Vous avez un délai de 10 jours pour faire appel de cette décision. Monsieur et Madame les avocats généraux ont également 10 jours pour faire appel.
En raison de la complexité de l’affaire, de la durée des débats et du délibéré qui a pris près de 14 heures, je ne suis pas en mesure de vous remettre la motivation sur les faits et sur la peine qui fera au moins 20 à 30 pages. Je vais utiliser le délai de 3 jours prévu à l’article 365-1 in fine du code de procédure pénale. La motivation sera disponible vendredi.
Juste quelques mots sur la peine.
Les crimes contre l’humanité et le génocide appartiennent à la catégorie des crimes les plus graves et le législateur les fait figurer en tête du Code pénal et des crimes sur les personnes. Il s’agit effectivement des crimes de masse qui se situent au sommet de la pyramide des crimes, le génocide considéré comme le crime des crimes, d’abord qualifié de crime sans nom avant que le terme de génocide ne soit utilisé pour la première fois.
Par conséquent se sont de telles atteintes à la personne humaine qu’elles atteignent l’humanité toute entière. En raison du trouble exceptionnel et pérenne à l’humanité, ils traumatisent par le nombre de victimes directes et indirectes, par l’intensité et par l’atrocité des crimes commis de manière durable et irrémédiable sur les victimes et les survivants et aussi sur l’humanité toute entière et marquent à jamais l’histoire de l’humanité; et la cour et le jury ont tenu compte de l’extrême gravité et de l’exceptionnelle gravité des crimes commis.
Sur le plateau de Tumba, si le nombre de victimes est difficilement estimable, si à Tumba vous avez participé, à l’échelle de Tumba et de la préfecture de Butare, au génocide, vous avez participé au génocide des Tutsi sur tout le Rwanda qui a coûté la vie à plus d’un million de femmes, d’hommes, d’enfants, de vieillards simplement parce qu’ils étaient Tutsi. Vous étiez impliqué dans la politique génocidaire.
Médecin, vous avez trahi votre serment. Vous avez abusé de l’influence que donnait votre notabilité.
Vous avez fait partie d’un petit groupe d’individus qui a organisé et piloté au quotidien le génocide des Tutsi sur Tumba. Nous avons relevé que rien ne montrait que vous aviez le leadership dans ce groupe sur Tumba, mais vous apparteniez à ce petit noyau dur.
Vous avez tenté de vous exonérer de votre responsabilité, ce ne peut pas être un élément d’aggravation de la peine, en revanche cela ne vous permet pas de bénéficier du crédit accordé à ceux qui assument leur responsabilité quand s’agit de prononcer une peine.
Nous n’avons pas été en mesure de trancher entre les deux expertises psychologiques.
La Cour a pris en compte un certain nombre d’éléments dans un sens de la minoration.
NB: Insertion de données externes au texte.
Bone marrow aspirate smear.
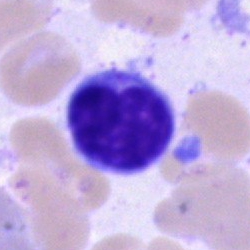
Morphology consistent with a typical lymphocyte.
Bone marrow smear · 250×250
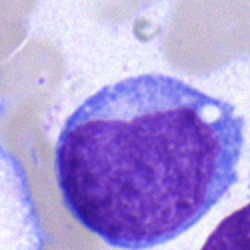

Morphology — blast.

La raison pour laquelle nous avons réduit votre période de sûreté, nous avons tenu compte de votre âge, de votre insertion professionnelle, de l’absence de risque de récidive, du respect scrupuleux du contrôle judiciaire auquel vous êtes astreint depuis 12 ans – de mémoire, je crois -, de l’absence de condamnation au casier judiciaire.
Ce sont quelques mots que j’ai préparés rapidement parce qu’il me paraissait important de ne pas laisser les avocats, les avocats généraux, le public, sans explications sur la peine. Vous aurez une motivation très détaillée.
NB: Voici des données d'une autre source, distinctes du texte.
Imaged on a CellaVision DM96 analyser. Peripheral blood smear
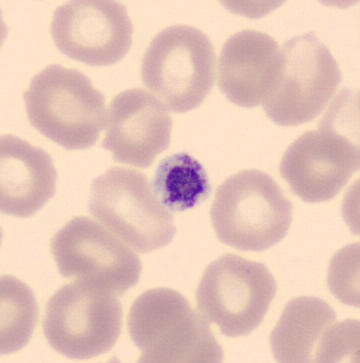
Morphological class — thrombocyte.
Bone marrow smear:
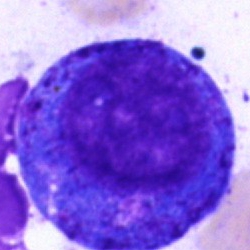Q: What is the morphological classification of this cell?
A: A promyelocyte.

Vous avez un délai de 10 jours pour faire appel.
S’agissant d’une peine criminelle supérieure à 10 ans vous allez être incarcéré dès ce soir.
Je tenais également à formuler des remerciements particulièrement appuyés et chaleureux aux jurés pour le sens du devoir citoyen exceptionnel que j’ai trouvé, pour leur engagement de chaque instant pendant ces 5 semaines de débat. Et également à ceux qui ont participé à cette procédure et à ce procès.